杨会低低地应了一声,在床底下半跪着找自己的裤子。
常芸从床上走下来,撕了一张写了串电话号码的便利贴贴到杨会的背上:“给你,我手机号码。”
杨会回头把便利贴从皮肤上拉下来:“别闹了,姐……”
他话说到一半,突然瞪大了眼睛。
杨会这才发现常芸什么都没有穿,全身上下没有一块布料掩盖。月光从小旅馆铁锈的窗户里照进来,映得她身上的皮肤像白玉一般洁白无瑕。

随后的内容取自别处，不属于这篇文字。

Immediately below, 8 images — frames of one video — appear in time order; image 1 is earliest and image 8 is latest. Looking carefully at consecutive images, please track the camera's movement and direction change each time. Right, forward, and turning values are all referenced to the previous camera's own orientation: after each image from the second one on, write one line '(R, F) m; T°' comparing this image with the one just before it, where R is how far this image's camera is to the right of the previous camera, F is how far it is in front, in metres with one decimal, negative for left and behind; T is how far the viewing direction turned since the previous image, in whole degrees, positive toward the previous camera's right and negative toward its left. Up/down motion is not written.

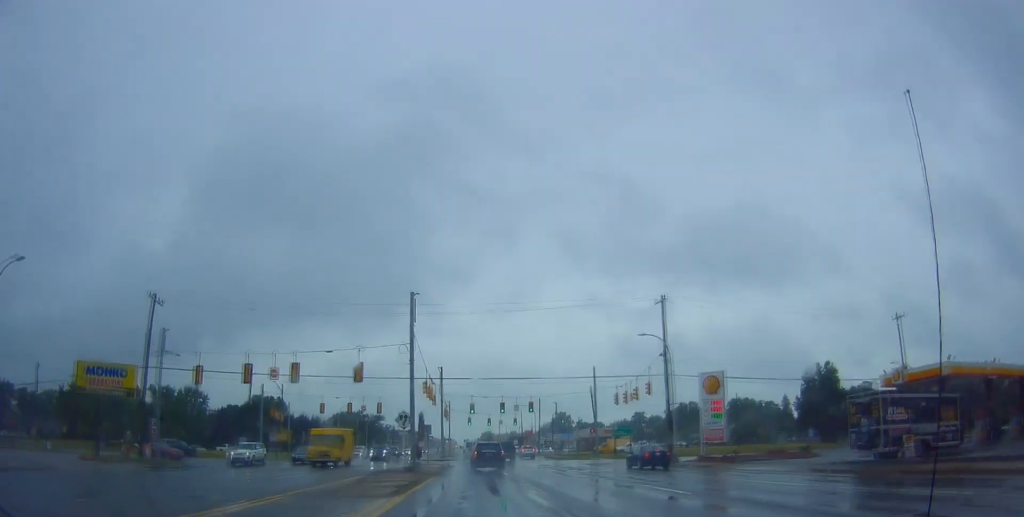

杨会的脸立刻红到了脖子根。他整个人缩在地上,大半个身子也是赤裸的。
杨会这才发现他爸妈遗传给他的大高个并没有什么用,他高高壮壮的体型只会让他更加难堪,他在常芸的注视下简直显得无处遁形。
常芸看着他哈哈大笑。她忍不住走过来,捏了杨会脸一下。
“你怎么这么可爱。又不是没看过,摸也摸过了,亲也亲过了。”
杨会拼命地捂住耳朵,可常芸的话还是像无孔不入的针眼,使劲往他的指缝里钻。
常芸边穿衣服边说:“记得下次一定要找我。我一般周一周二晚上都有空,周六周日看情况心情。”
杨会快哭了。
常芸把那一叠纸币放在他脚边:“给你,别一副要哭不哭的样子。看得姐姐又想欺负你了。”
杨会埋着头,什么都没有说。
“那我走啦。”常芸故作轻快地说。她身上穿着一整套浅灰色的休闲西服,看上去精明又干练。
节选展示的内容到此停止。